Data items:
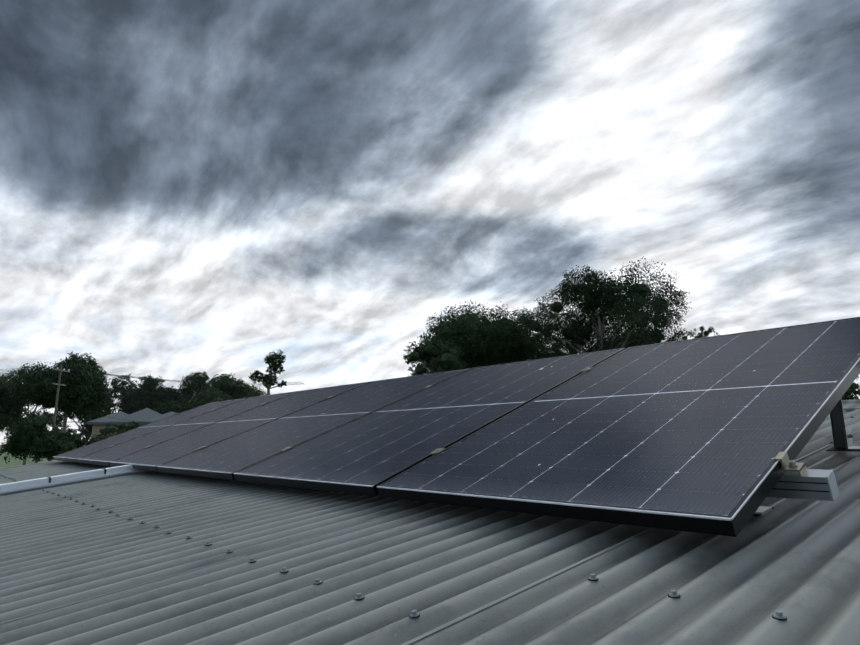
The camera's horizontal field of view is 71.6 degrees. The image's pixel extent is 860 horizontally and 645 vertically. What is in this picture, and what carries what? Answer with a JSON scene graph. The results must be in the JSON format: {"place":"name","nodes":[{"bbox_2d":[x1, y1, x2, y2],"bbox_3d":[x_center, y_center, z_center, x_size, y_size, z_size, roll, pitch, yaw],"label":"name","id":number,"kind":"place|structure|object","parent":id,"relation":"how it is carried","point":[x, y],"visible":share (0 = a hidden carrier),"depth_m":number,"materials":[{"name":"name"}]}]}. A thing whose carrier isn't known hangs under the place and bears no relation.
{"place":"outdoors","nodes":[
{"label":"outdoors","id":0,"kind":"place"},
{"bbox_2d":[0,445,54,467],"bbox_3d":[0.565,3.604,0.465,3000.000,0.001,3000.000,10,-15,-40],"label":"ground grass","id":1,"kind":"structure","parent":0,"point":[14,462],"depth_m":113.12,"materials":[{"name":"green plant"}]},
{"bbox_2d":[0,374,32,430],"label":"tree","id":2,"kind":"object","parent":1,"relation":"on","point":[11,407],"visible":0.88,"depth_m":54.90,"materials":[{"name":"green plant"}]},
{"bbox_2d":[0,368,58,464],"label":"tree","id":3,"kind":"object","parent":1,"relation":"on","point":[33,414],"visible":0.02,"depth_m":64.94,"materials":[{"name":"green plant"}]},
{"bbox_2d":[0,412,83,463],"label":"shrub","id":4,"kind":"object","parent":1,"relation":"on","point":[32,436],"visible":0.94,"depth_m":32.30,"materials":[{"name":"green plant"}]},
{"bbox_2d":[48,364,69,460],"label":"power pole","id":5,"kind":"object","parent":1,"relation":"on","point":[60,370],"visible":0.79,"depth_m":45.60,"materials":[{"name":"grey"}]},
{"bbox_2d":[0,367,303,442],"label":"power lines","id":6,"kind":"object","parent":5,"relation":"attached to","point":[132,391],"visible":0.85,"depth_m":48.68,"materials":[{"name":"black metal"}]},
{"bbox_2d":[4,351,116,431],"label":"tree","id":7,"kind":"object","parent":1,"relation":"on","point":[88,399],"visible":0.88,"depth_m":51.57,"materials":[{"name":"green plant"}]},
{"bbox_2d":[46,424,117,459],"bbox_3d":[-20.404,8.352,35.547,4.522,4.602,3.800,-6,-13,28],"label":"tree","id":8,"kind":"object","parent":1,"relation":"on","point":[106,430],"visible":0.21,"depth_m":35.13,"materials":[{"name":"green plant"}]},
{"bbox_2d":[47,402,127,439],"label":"tree","id":9,"kind":"object","parent":1,"relation":"on","point":[88,429],"visible":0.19,"depth_m":59.02,"materials":[{"name":"green plant"}]},
{"bbox_2d":[87,411,128,437],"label":"neighbour house","id":10,"kind":"structure","parent":1,"relation":"on","point":[98,424],"depth_m":46.69,"materials":[{"name":"brick"}]},
{"bbox_2d":[77,374,150,437],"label":"tree","id":11,"kind":"object","parent":1,"relation":"on","point":[122,385],"visible":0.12,"depth_m":65.68,"materials":[{"name":"green plant"}]},
{"bbox_2d":[115,421,138,432],"bbox_3d":[-19.952,8.927,39.181,1.801,4.921,1.923,10,-15,-40],"label":"bush","id":12,"kind":"object","parent":1,"relation":"on","point":[132,425],"visible":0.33,"depth_m":39.15,"materials":[{"name":"green plant"}]},
{"bbox_2d":[110,408,161,432],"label":"neighbour house","id":13,"kind":"structure","parent":1,"relation":"on","point":[143,414],"depth_m":47.20,"materials":[{"name":"metal"}]},
{"bbox_2d":[116,375,186,413],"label":"tree","id":14,"kind":"object","parent":1,"relation":"on","point":[142,399],"visible":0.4,"depth_m":70.59,"materials":[{"name":"green plant"}]},
{"bbox_2d":[141,411,176,423],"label":"neighbour house","id":15,"kind":"structure","parent":1,"relation":"on","point":[159,417],"depth_m":47.17,"materials":[{"name":"metal"}]},
{"bbox_2d":[152,399,192,413],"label":"tree","id":16,"kind":"object","parent":1,"relation":"on","point":[164,407],"visible":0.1,"depth_m":60.21,"materials":[{"name":"green plant"}]},
{"bbox_2d":[154,371,210,407],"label":"tree","id":17,"kind":"object","parent":1,"relation":"on","point":[188,389],"visible":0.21,"depth_m":71.27,"materials":[{"name":"green plant"}]},
{"bbox_2d":[183,386,233,411],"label":"tree","id":18,"kind":"object","parent":1,"relation":"on","point":[200,400],"visible":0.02,"depth_m":60.60,"materials":[{"name":"green plant"}]},
{"bbox_2d":[204,372,260,399],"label":"tree","id":19,"kind":"object","parent":1,"relation":"on","point":[238,391],"visible":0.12,"depth_m":66.06,"materials":[{"name":"green plant"}]},
{"bbox_2d":[245,388,266,397],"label":"tree","id":20,"kind":"object","parent":1,"relation":"on","point":[252,394],"visible":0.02,"depth_m":56.26,"materials":[{"name":"green plant"}]},
{"bbox_2d":[249,349,286,394],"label":"tree","id":21,"kind":"object","parent":1,"relation":"on","point":[270,378],"visible":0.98,"depth_m":48.10,"materials":[{"name":"green plant"}]},
{"bbox_2d":[403,337,466,375],"bbox_3d":[0.263,4.986,29.463,3.321,8.795,4.014,10,-15,-40],"label":"foliage","id":22,"kind":"object","parent":1,"relation":"on","point":[446,354],"visible":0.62,"depth_m":29.56,"materials":[{"name":"green plant"}]},
{"bbox_2d":[415,299,549,372],"bbox_3d":[3.247,4.322,35.084,7.577,12.326,7.026,-4,-12,19],"label":"foliage","id":23,"kind":"object","parent":1,"relation":"on","point":[478,338],"visible":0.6,"depth_m":34.29,"materials":[{"name":"green plant"}]},
{"bbox_2d":[505,306,591,360],"bbox_3d":[7.791,4.745,35.004,7.264,11.454,5.459,10,-15,-40],"label":"tree","id":24,"kind":"object","parent":1,"relation":"on","point":[543,354],"visible":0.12,"depth_m":34.41,"materials":[{"name":"green plant"}]},
{"bbox_2d":[511,256,691,354],"bbox_3d":[9.078,3.176,29.123,7.211,12.208,8.585,10,-15,-40],"label":"foliage","id":25,"kind":"object","parent":1,"relation":"on","point":[602,305],"visible":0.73,"depth_m":28.88,"materials":[{"name":"green plant"}]},
{"bbox_2d":[603,321,655,347],"bbox_3d":[13.735,5.471,39.108,7.631,11.654,5.920,10,-15,-40],"label":"tree","id":26,"kind":"object","parent":1,"relation":"on","point":[625,332],"depth_m":39.88,"materials":[{"name":"green plant"}]},
{"bbox_2d":[674,326,719,339],"bbox_3d":[14.084,4.887,30.846,2.168,9.542,3.000,2,-12,-8],"label":"tree","id":27,"kind":"object","parent":1,"relation":"on","point":[702,334],"visible":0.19,"depth_m":31.52,"materials":[{"name":"green plant"}]},
{"bbox_2d":[842,376,859,399],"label":"tree","id":28,"kind":"object","parent":1,"relation":"on","point":[852,388],"visible":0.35,"depth_m":20.48,"materials":[{"name":"green plant"}]},
{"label":"house walls","id":29,"kind":"object","parent":1,"relation":"on","visible":0},
{"bbox_2d":[0,409,859,644],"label":"corrugated roof sheet","id":30,"kind":"object","parent":29,"relation":"on","point":[796,562],"visible":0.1,"depth_m":1.24,"materials":[{"name":"paint"}]},
{"bbox_2d":[0,460,59,468],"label":"barge capping","id":31,"kind":"object","parent":30,"relation":"on","point":[29,464],"depth_m":6.33,"materials":[{"name":"paint"}]},
{"bbox_2d":[0,465,134,490],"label":"cable tray","id":32,"kind":"object","parent":30,"relation":"on","point":[40,481],"visible":0.65,"depth_m":3.81,"materials":[{"name":"white metal"}]},
{"bbox_2d":[0,469,147,494],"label":"ridge cap","id":33,"kind":"object","parent":30,"relation":"on","point":[34,487],"visible":0.71,"depth_m":3.79,"materials":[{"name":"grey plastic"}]},
{"bbox_2d":[0,431,858,644],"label":"roof sheet laps","id":34,"kind":"object","parent":30,"relation":"on","point":[461,618],"visible":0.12,"depth_m":1.26,"materials":[{"name":"grey metal"}]},
{"bbox_2d":[0,416,859,620],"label":"roof screws","id":35,"kind":"object","parent":30,"relation":"on","point":[778,615],"visible":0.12,"depth_m":1.10,"materials":[{"name":"grey paint"}]},
{"bbox_2d":[753,398,859,516],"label":"tilt legs","id":36,"kind":"object","parent":30,"relation":"on","point":[842,436],"visible":0.04,"depth_m":2.06,"materials":[{"name":"silver metal"}]},
{"bbox_2d":[767,469,838,501],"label":"mounting rails","id":37,"kind":"object","parent":36,"relation":"on","point":[814,484],"visible":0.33,"depth_m":1.28,"materials":[{"name":"silver metal"}]},
{"bbox_2d":[53,398,244,461],"bbox_3d":[-2.964,1.131,6.397,1.615,0.663,1.134,10,-15,-40],"label":"solar panel frame","id":38,"kind":"object","parent":37,"relation":"attached to","point":[64,459],"visible":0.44,"depth_m":6.07,"materials":[{"name":"silver metal"}]},
{"bbox_2d":[57,398,245,457],"bbox_3d":[-2.968,1.119,6.396,1.580,0.626,1.108,10,-15,-40],"label":"solar panel","id":39,"kind":"object","parent":38,"relation":"in","point":[127,435],"visible":0.96,"depth_m":6.32,"materials":[{"name":"black glass"}]},
{"bbox_2d":[77,391,298,465],"bbox_3d":[-2.210,0.958,5.540,1.615,0.663,1.134,10,-15,-40],"label":"solar panel frame","id":40,"kind":"object","parent":37,"relation":"attached to","point":[88,461],"visible":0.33,"depth_m":5.14,"materials":[{"name":"metal"}]},
{"bbox_2d":[80,392,294,460],"bbox_3d":[-2.213,0.946,5.540,1.580,0.626,1.108,10,-15,-40],"label":"solar panel","id":41,"kind":"object","parent":40,"relation":"in","point":[144,441],"visible":1,"depth_m":5.44,"materials":[{"name":"black glass"}]},
{"bbox_2d":[109,382,368,470],"bbox_3d":[-1.456,0.785,4.684,1.615,0.663,1.134,10,-15,-40],"label":"solar panel frame","id":42,"kind":"object","parent":37,"relation":"on","point":[148,468],"visible":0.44,"depth_m":4.28,"materials":[{"name":"metal"}]},
{"bbox_2d":[111,462,155,466],"bbox_3d":[-2.066,0.974,4.109,0.006,0.005,1.132,10,-15,-40],"label":"solar panel frame","id":43,"kind":"object","parent":42,"relation":"attached to","point":[133,464],"visible":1,"depth_m":4.02,"materials":[{"name":"silver metal"}]},
{"bbox_2d":[114,383,363,464],"bbox_3d":[-1.459,0.773,4.684,1.580,0.626,1.108,10,-15,-40],"label":"solar panel","id":44,"kind":"object","parent":42,"relation":"in","point":[166,451],"visible":1,"depth_m":4.57,"materials":[{"name":"black glass"}]},
{"bbox_2d":[157,368,470,479],"bbox_3d":[-0.702,0.612,3.828,1.615,0.663,1.134,10,-15,-40],"label":"solar panel frame","id":45,"kind":"object","parent":37,"relation":"attached to","point":[201,473],"visible":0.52,"depth_m":3.33,"materials":[{"name":"metal"}]},
{"bbox_2d":[157,466,230,473],"bbox_3d":[-1.312,0.801,3.253,0.006,0.005,1.132,10,-15,-40],"label":"solar panel frame","id":46,"kind":"object","parent":45,"relation":"attached to","point":[195,469],"visible":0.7,"depth_m":3.17,"materials":[{"name":"metal"}]},
{"bbox_2d":[160,369,466,471],"bbox_3d":[-0.705,0.600,3.827,1.580,0.626,1.108,10,-15,-40],"label":"solar panel","id":47,"kind":"object","parent":45,"relation":"in","point":[241,450],"visible":0.98,"depth_m":3.68,"materials":[{"name":"black glass"}]},
{"bbox_2d":[233,348,625,495],"bbox_3d":[0.052,0.439,2.972,1.615,0.663,1.134,10,-15,-40],"label":"solar panel frame","id":48,"kind":"object","parent":37,"relation":"attached to","point":[361,490],"visible":0.4,"depth_m":2.40,"materials":[{"name":"metal"}]},
{"bbox_2d":[233,473,372,486],"bbox_3d":[-0.557,0.628,2.397,0.006,0.005,1.132,10,-15,-40],"label":"solar panel frame","id":49,"kind":"object","parent":48,"relation":"attached to","point":[307,480],"visible":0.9,"depth_m":2.29,"materials":[{"name":"metal"}]},
{"bbox_2d":[239,349,619,483],"bbox_3d":[0.049,0.427,2.971,1.580,0.626,1.108,10,-15,-40],"label":"solar panel","id":50,"kind":"object","parent":48,"relation":"in","point":[378,445],"visible":1,"depth_m":2.78,"materials":[{"name":"black glass"}]},
{"bbox_2d":[84,367,805,476],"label":"panel clamps","id":51,"kind":"object","parent":37,"relation":"attached to","point":[790,465],"visible":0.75,"depth_m":1.31,"materials":[{"name":"beige"}]},
{"bbox_2d":[377,317,859,536],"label":"solar panel frame","id":52,"kind":"object","parent":37,"relation":"attached to","point":[738,522],"visible":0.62,"depth_m":1.41,"materials":[{"name":"metal"}]},
{"bbox_2d":[385,318,859,515],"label":"solar panel","id":53,"kind":"object","parent":52,"relation":"in","point":[711,425],"visible":1,"depth_m":1.83,"materials":[{"name":"black glass"}]},
{"bbox_2d":[842,399,859,410],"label":"ridge capping","id":54,"kind":"object","parent":30,"relation":"on","point":[850,405],"depth_m":3.45,"materials":[{"name":"paint"}]},
{"bbox_2d":[0,0,859,444],"label":"sky","id":55,"kind":"structure","parent":0,"point":[213,187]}
]}

# WHAT IS EXPECTED:
A copy of each line in the data above that holds the string "nodes" is needed.

# SOLUTION TO THIS EXERCISE:
The camera's horizontal field of view is 71.6 degrees. The image's pixel extent is 860 horizontally and 645 vertically. What is in this picture, and what carries what? Answer with a JSON scene graph. The results must be in the JSON format: {"place":"name","nodes":[{"bbox_2d":[x1, y1, x2, y2],"bbox_3d":[x_center, y_center, z_center, x_size, y_size, z_size, roll, pitch, yaw],"label":"name","id":number,"kind":"place|structure|object","parent":id,"relation":"how it is carried","point":[x, y],"visible":share (0 = a hidden carrier),"depth_m":number,"materials":[{"name":"name"}]}]}. A thing whose carrier isn't known hangs under the place and bears no relation.
{"place":"outdoors","nodes":[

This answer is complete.